By graduation you should have three to five standout deliverables you can reference in interviews: an analytics dashboard developed for a finance firm, a consulting report delivered during your internship, a market-entry plan for a global company, a leadership initiative you led in a student club. For each deliverable write: (a) context – the challenge, (b) your action, (c) measurable outcome (quantitative if possible), (d) your role and (e) how it ties to your target job. Example: “Led a four-person team during my summer internship at X Corp; built a pricing-analytics model that increased margin by 7 %; my role: lead analyst; relevance: analytics consulting role.” Store these in a digital portfolio, reference them on LinkedIn, and prepare two-minute summaries for interviews.
Rutgers Business School’s Office of Career Management offers coaching, employer engagement and recruiting support. But you must treat your job search as a project. Early in term one meet with your career advisor and submit a one-page job-search plan: target companies, roles, timeline, required skills, networking actions. Set weekly metrics: alumni chats, company visits, applications submitted. After your internship update your plan: what succeeded, what didn’t, next actions. The more your narrative ties to your deliverables and networking, the stronger your job prospects.
Your network includes classmates, alumni from Rutgers, faculty and employers in the NYC-New Jersey region and beyond. Build a list of 30-40 contacts aligned with your target industry, role or geography. For each outreach prepare a one-page background: your story, your key deliverables, your ask. After each conversation send a concise follow-up summarising what you learned and your next step. Attend alumni events, employer panels in NYC, guest-lectures on campus. Track outcomes: number of meetings, introductions made, referrals generated — network strategically rather than passively.
While technical competence is expected, your leadership presence and adaptability distinguish you. Each month set aside an hour for reflection: What leadership behaviour did I develop this month? What challenge did I face and how did I respond? What leadership trait will I focus next month? Use your journal and coursework to deepen self-awareness, team influence, decision-making under ambiguity and cross-cultural leadership. Document one leadership story per week—for example “led team through rapid pivot during case challenge” and build your narrative bank.

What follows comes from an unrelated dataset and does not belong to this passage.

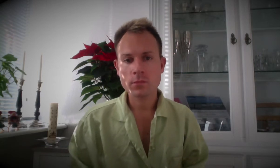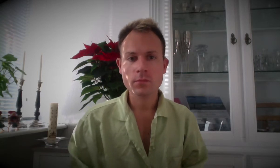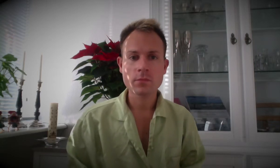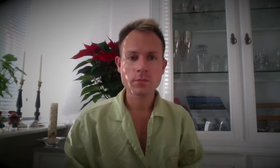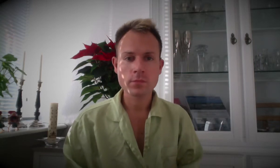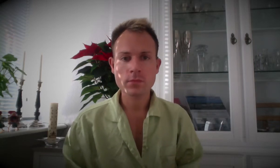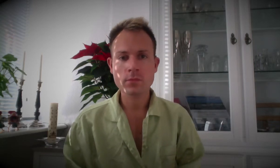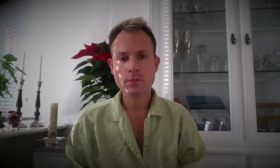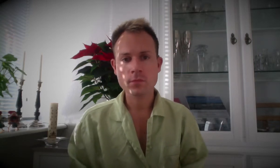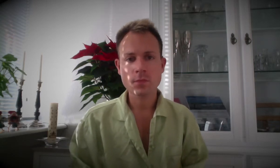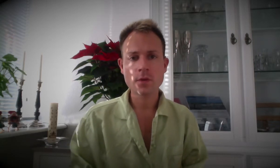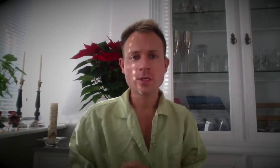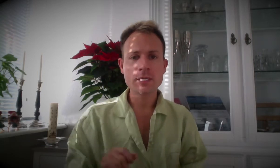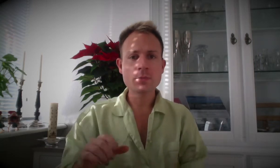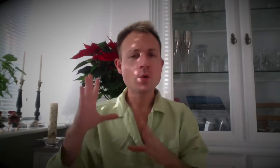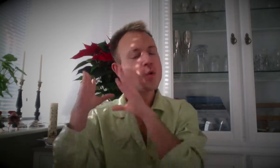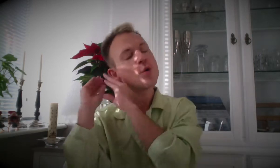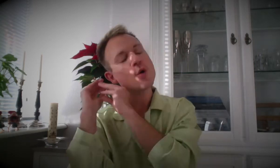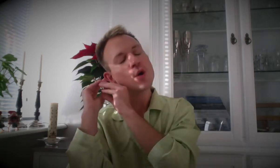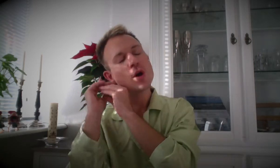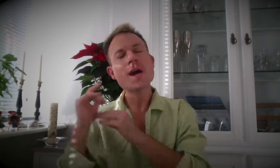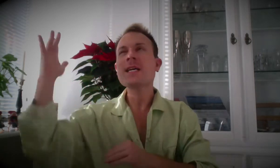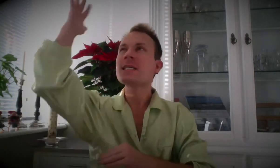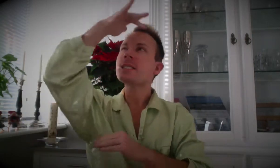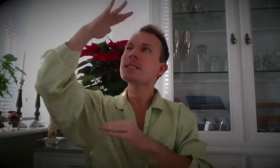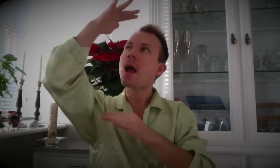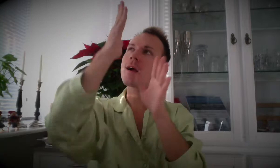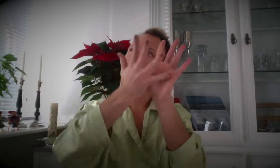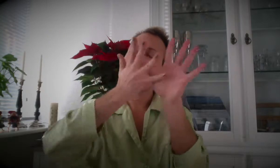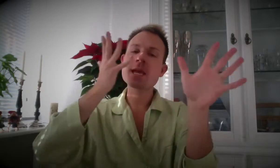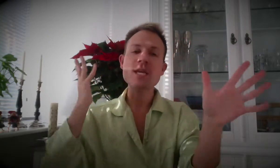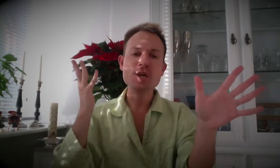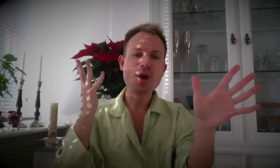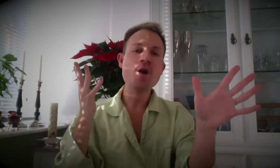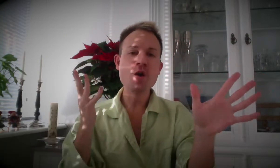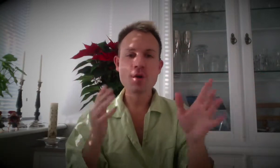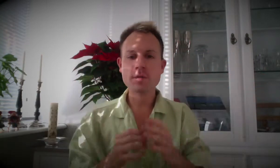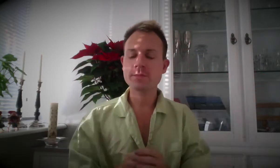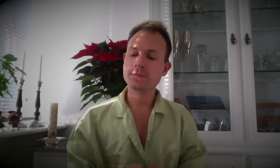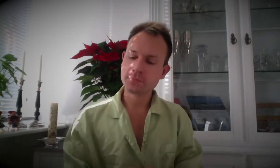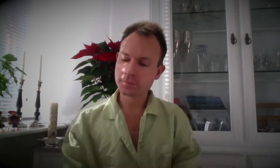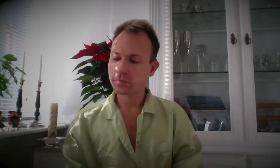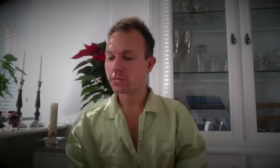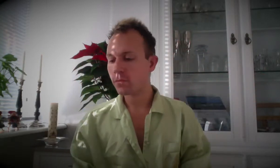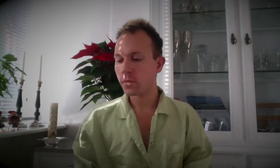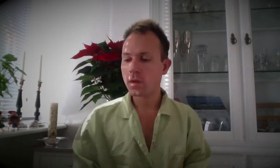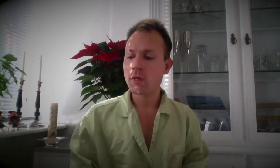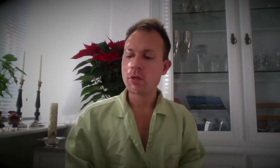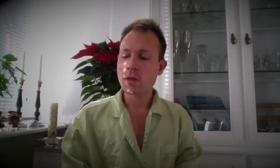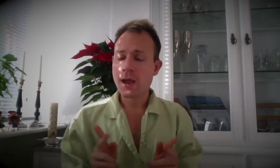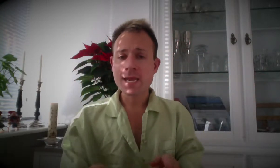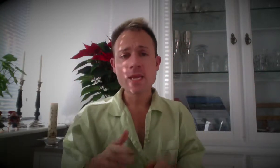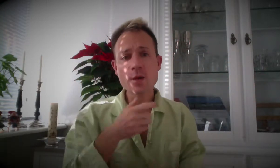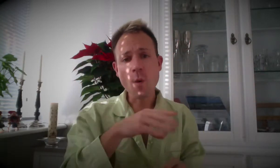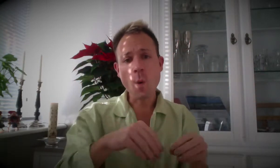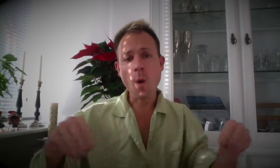På hendes puder står tanker i kø, Lagt i jord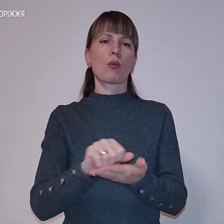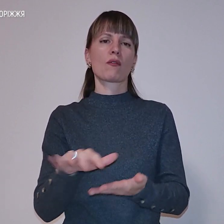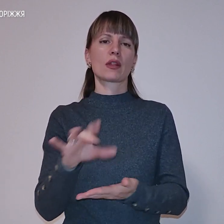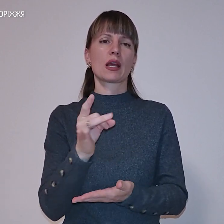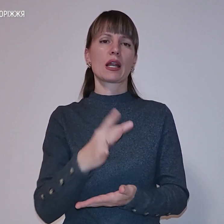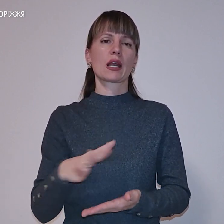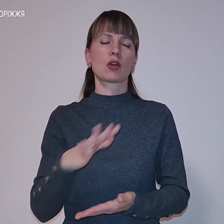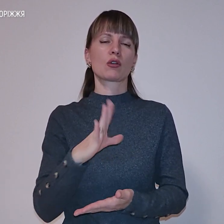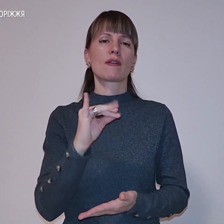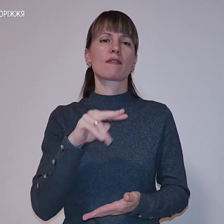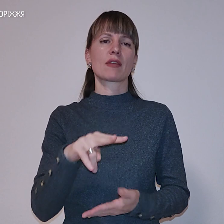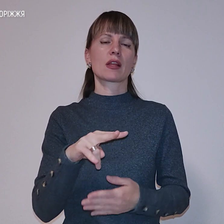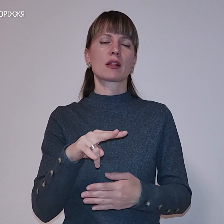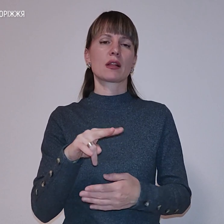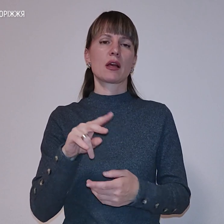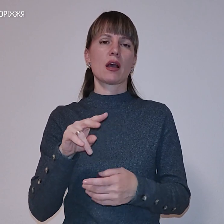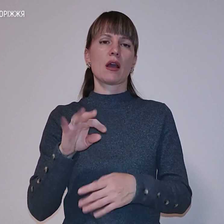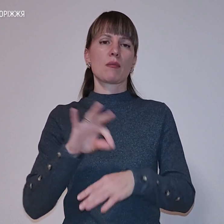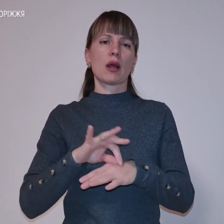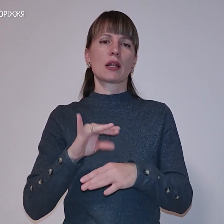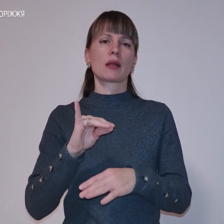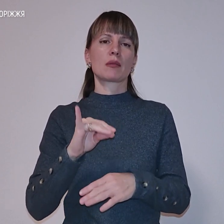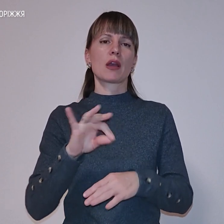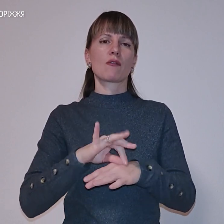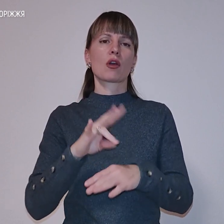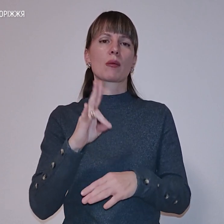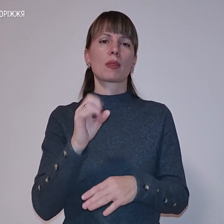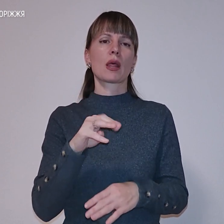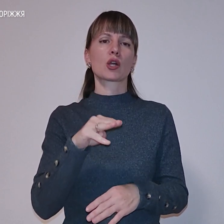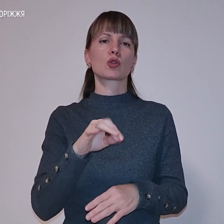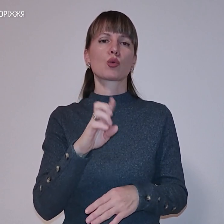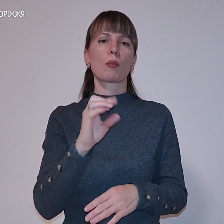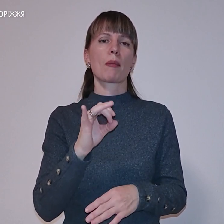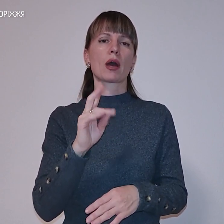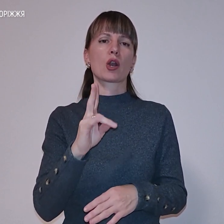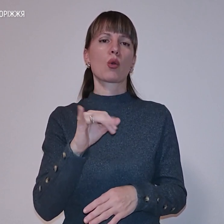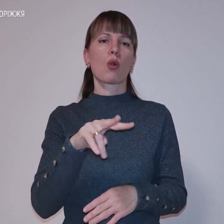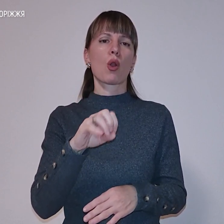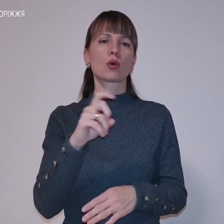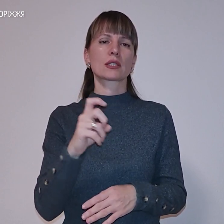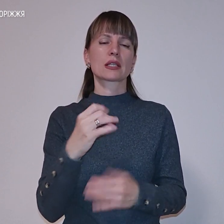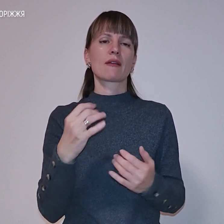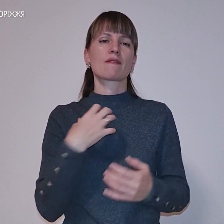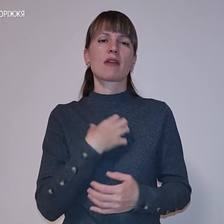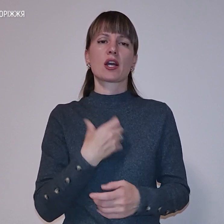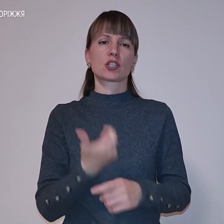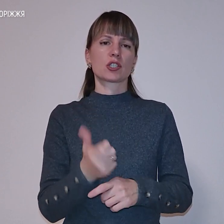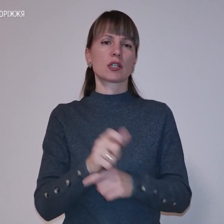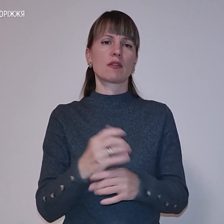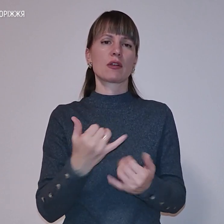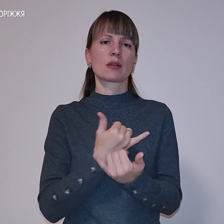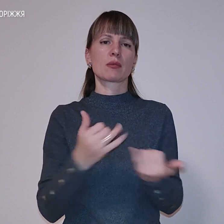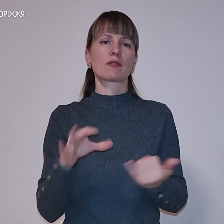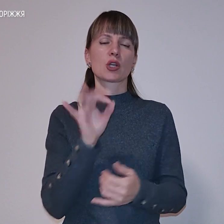позитивним та хворим на туберкульоз. Надважливим є на сьогоднішній день забезпечити всіх людей необхідною

As you approach graduation, synchronise your résumé, LinkedIn profile, portfolio of deliverables and interview stories around your target role and the evidence you built. Secure two references—faculty or internship supervisors who know your work. In interviews structure your story: “During my Rutgers MBA I led a team during my summer internship at X Corp; we built a predictive analytics model that improved margin by 8 %. I now bring that data-driven mindset and NYC-region business exposure to your analytics team.” Make your narrative crisp, evidence-based and employer-relevant.
Graduation is a beginning, not the endpoint. Stay engaged with the Rutgers alumni network, attend chapter events in NYC and globally, mentor incoming students, update your deliverable portfolio quarterly and revisit your leadership journal annually. The habits you build—purpose clarity, deliverable creation, leadership through action, networking discipline and monthly reflection—will serve your entire career. Your Rutgers MBA becomes the foundation; your trajectory thereafter defines your impact.